WHAT YOU NEED TO DO:
Every entry should come back exactly as written, minus the pictures.

GIVEN RECORDS:
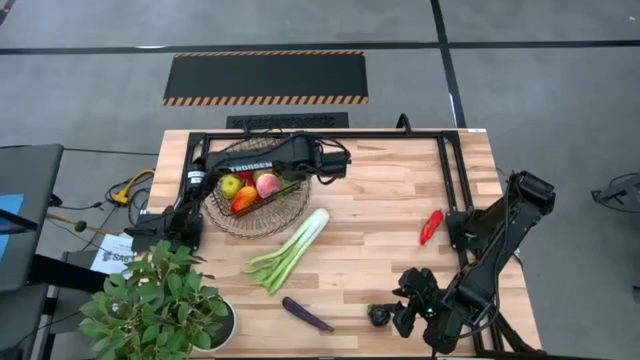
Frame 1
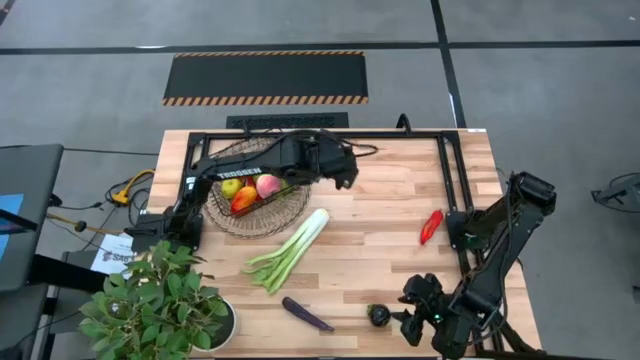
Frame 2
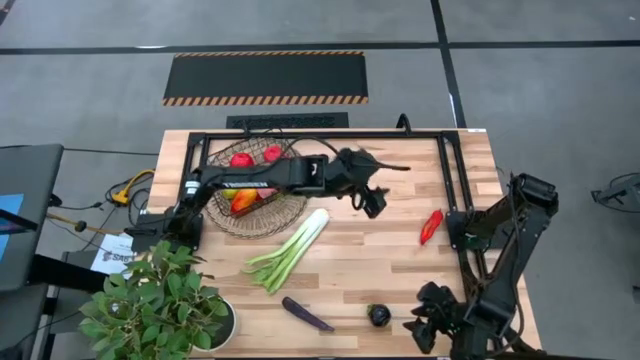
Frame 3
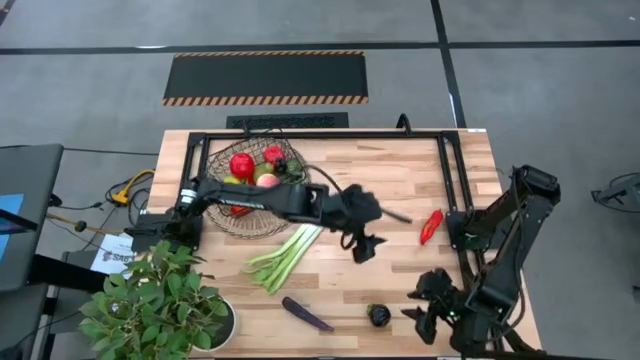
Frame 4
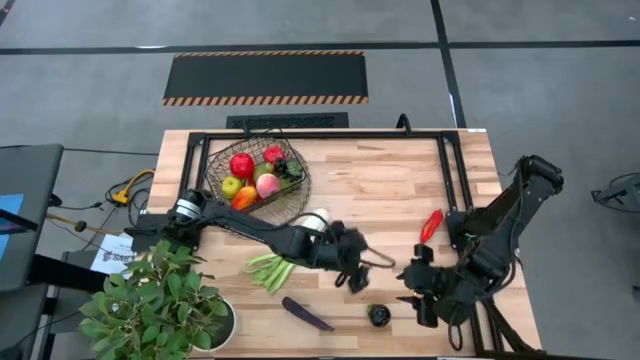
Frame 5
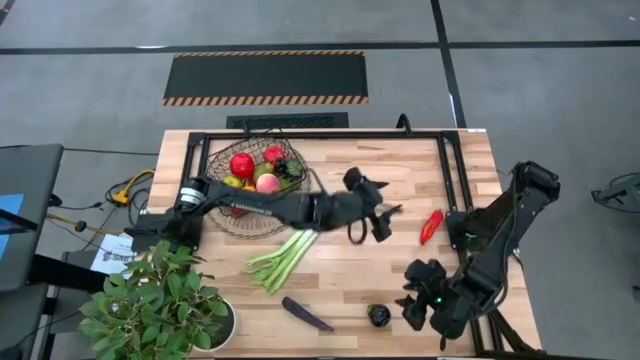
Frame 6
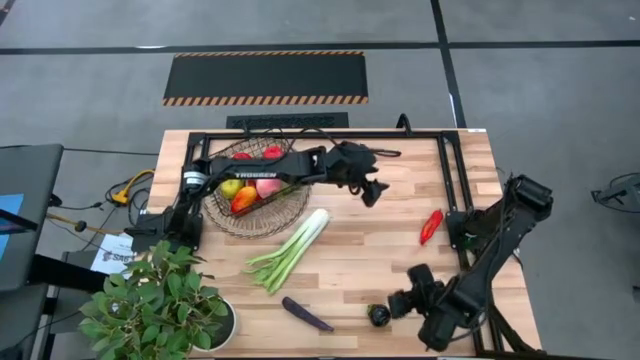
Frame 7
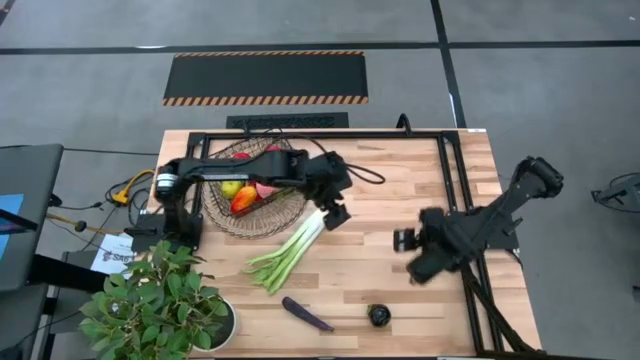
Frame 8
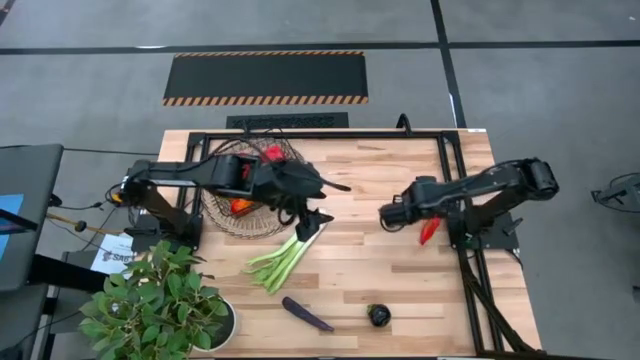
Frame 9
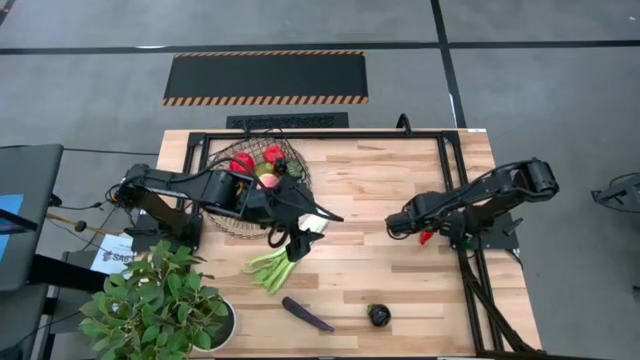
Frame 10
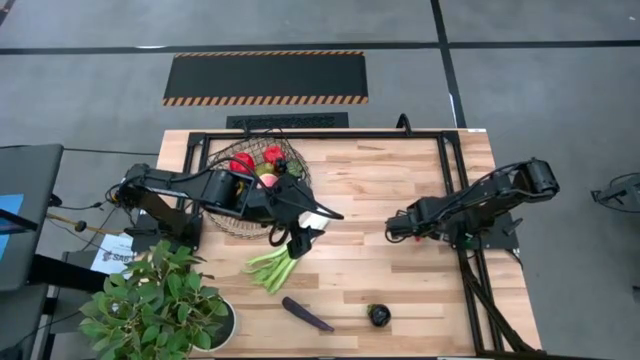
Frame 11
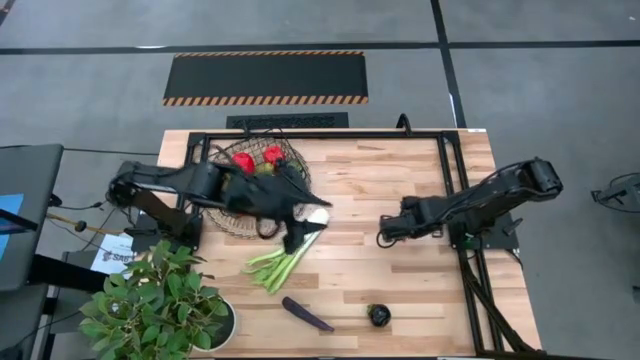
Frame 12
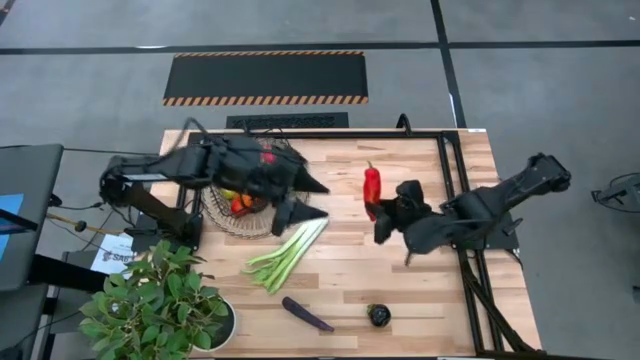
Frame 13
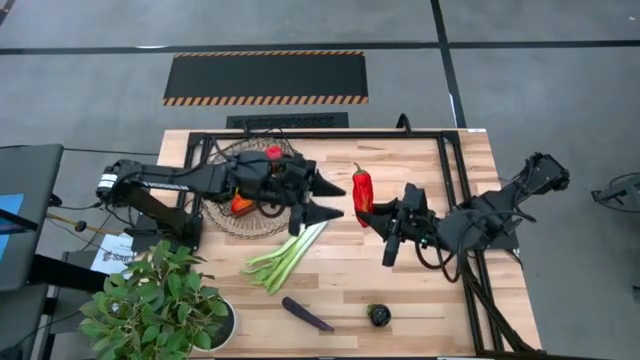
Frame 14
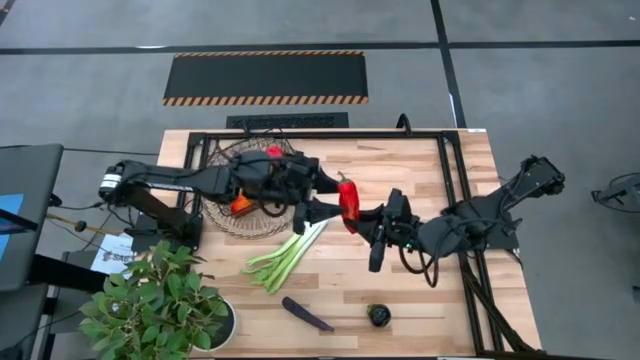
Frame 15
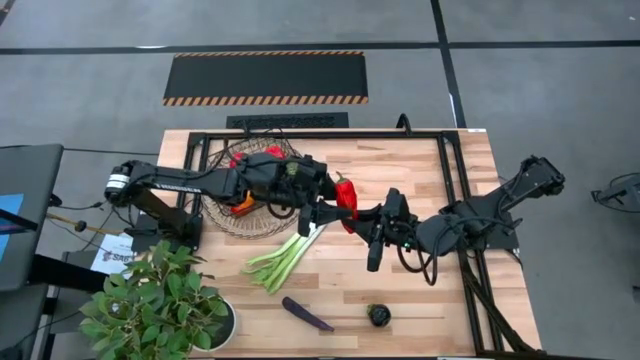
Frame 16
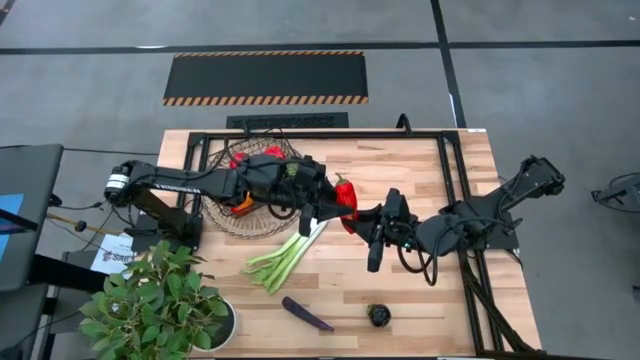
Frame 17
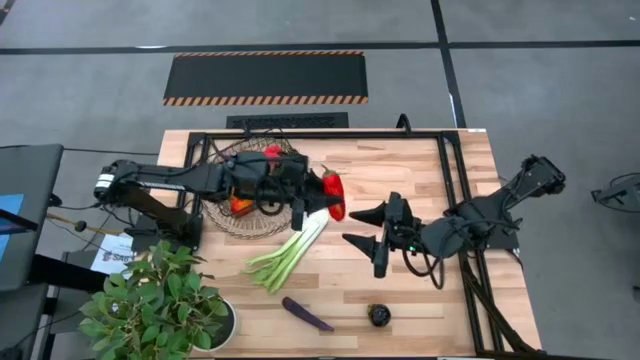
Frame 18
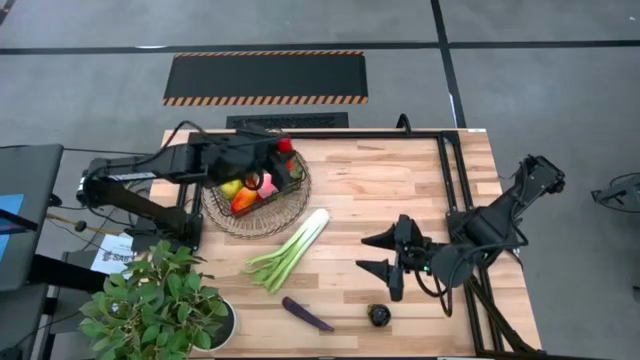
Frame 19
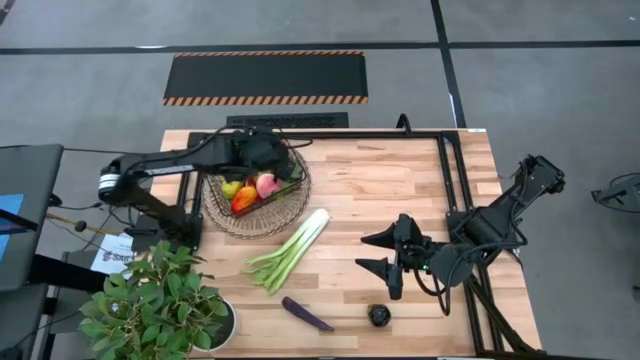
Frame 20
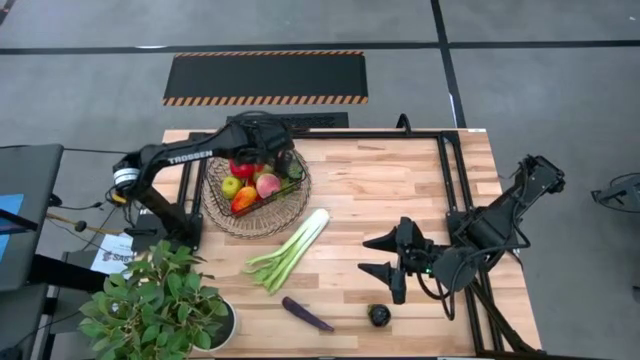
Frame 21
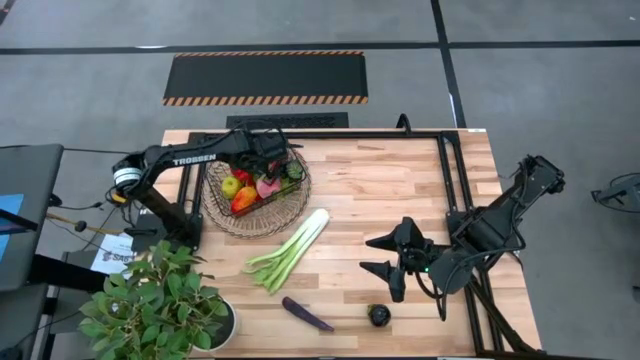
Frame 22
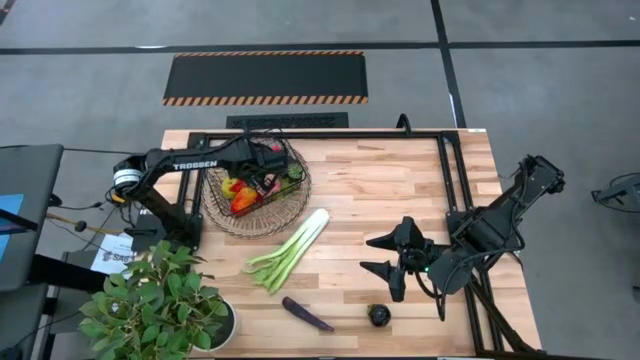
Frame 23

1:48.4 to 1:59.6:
Task: Build produce basket
Put the red chili pepper into the wire basket

RESPONSE:
Frame 1
Frame 2
Frame 3
Frame 4
Frame 5
Frame 6
Frame 7
Frame 8
Frame 9
Frame 10
Frame 11
Frame 12
Frame 13
Frame 14
Frame 15
Frame 16
Frame 17
Frame 18
Frame 19
Frame 20
Frame 21
Frame 22
Frame 23

1:48.4 to 1:59.6:
Task: Build produce basket
Put the red chili pepper into the wire basket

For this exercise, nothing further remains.